According to the International Rescue Committee (IRC), Iraqi refugees arrive in the United States with more emotional and mental health issues than many other refugee groups, and the IRC has documented a high prevalence of depression, anxiety, and post-traumatic stress disorder (PTSD) among recently arrived Iraqis 30. In a 2012  CDC survey of Iraqi refugees who had lived in the United States 8-36 months, 50% of participants reported anxiety, 49% depression, and 31% a need for further assessment for PTSD 8. This finding is consistent with data collected on Iraqis in their host countries. In Syria, 89.5% of interviewed Iraqi refugees reported depression, 81.6% anxiety, and 67.6% PTSD 6. Reasons reported for mental health issues among Iraqis in Syria included air bombardments, shelling, or rocket attacks (77%); witnessing a shooting (80%); interrogation or harassment by militias (68%); and knowing someone close to them who had been killed (75%) 6.

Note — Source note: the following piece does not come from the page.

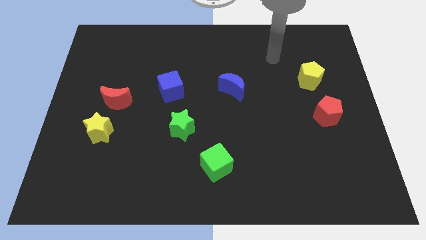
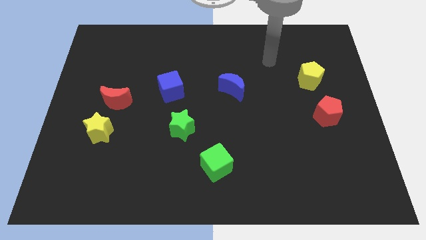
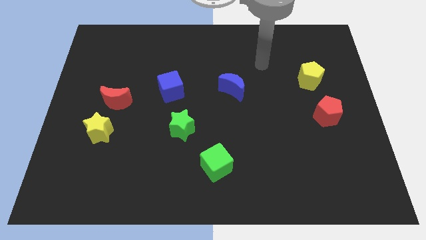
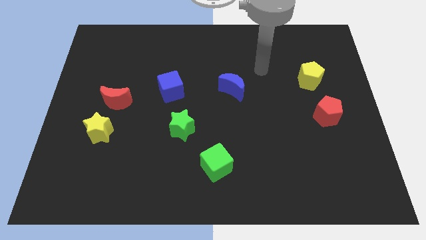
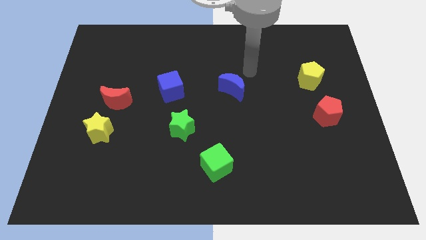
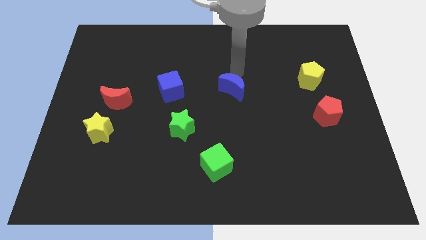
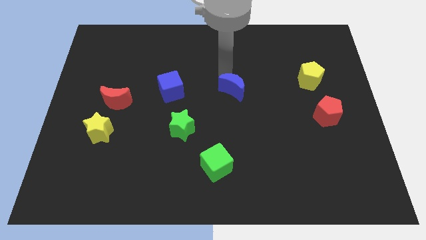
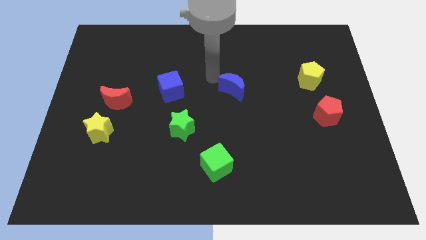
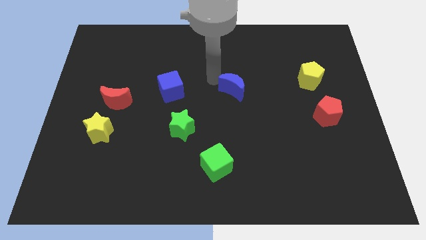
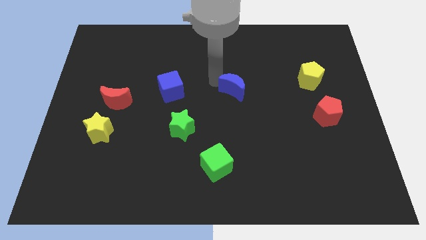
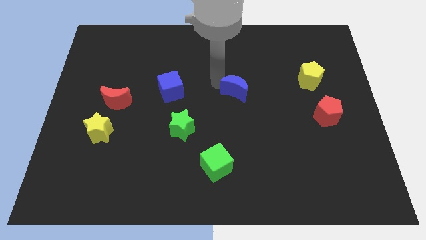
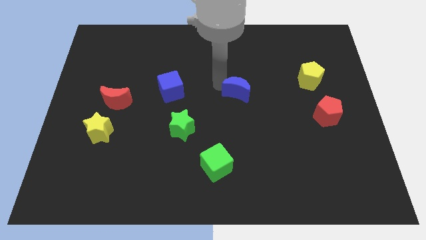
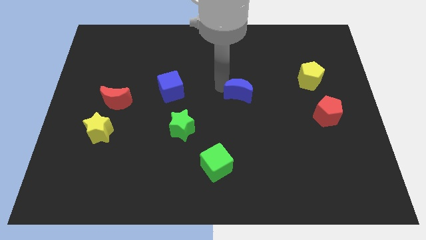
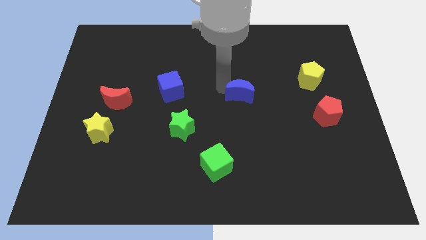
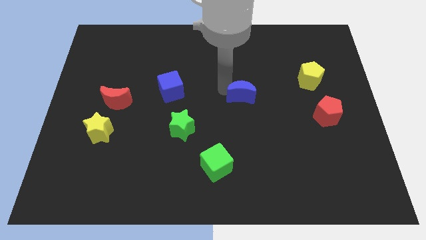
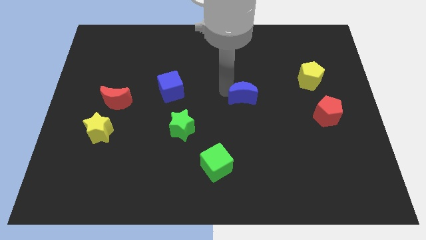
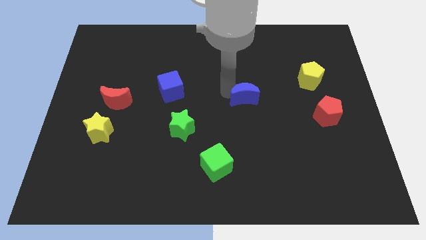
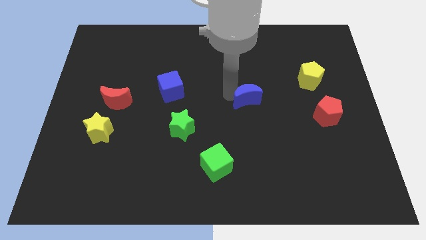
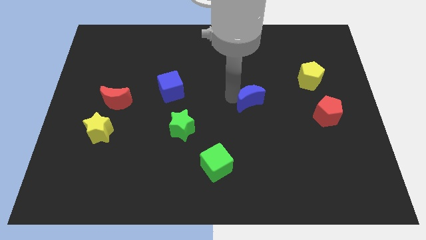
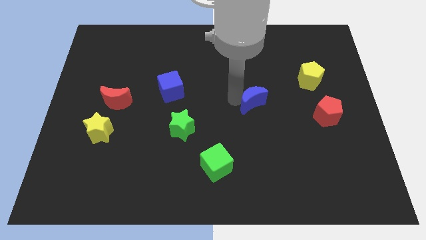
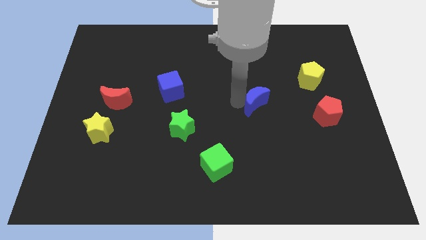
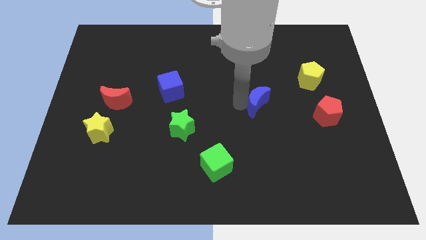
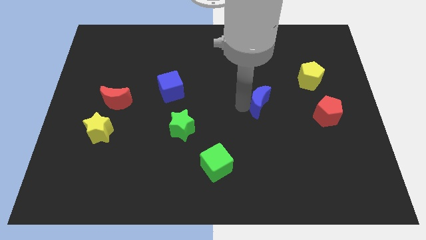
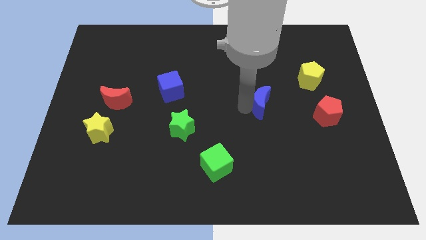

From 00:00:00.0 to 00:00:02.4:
move the blue moon to the left of the red pentagon

A 2009 study estimated the lifetime prevalence of any mental disorder at 18.8% for Iraqi adults 34. Anxiety disorders were the most common (13.8%) class of disorders in the cohort studied, and major depressive disorder (MDD) was the most common (7.2%) single disorder 34. Iraqi refugees are aware of their psychological disturbances and describe their feelings of anxiety and depression in terms such as “Dayij” (uncomfortable), “Ka’aba” (melancholia), “al Zillah” (humiliation), “Kalak” (anxiety), “Inziaaj” (uneasiness), “Ihbat” (frustration), “Khawf” (fears), “Daghet” (pressure), “Ta’ab” (tiredness), “Sadma” (shocked), “Insilakh” (uprooting), and “Hasbiya Allah wa ni’ma l wakil” and “Allah y’in”, which both refer to the hope in God’s assistance to face trouble and injustice 17. Iraqi refugees may not seek mental health care due to cultural stigmatization of mental health patients; lack of access to mental health services in countries of asylum (especially Jordan); and lack of outreach and education about mental health issues 17. Iraqi refugees may manifest mental health problems as physical symptoms, such as headaches, backaches, body aches, or gastrointestinal problems with no physical underlying reasons.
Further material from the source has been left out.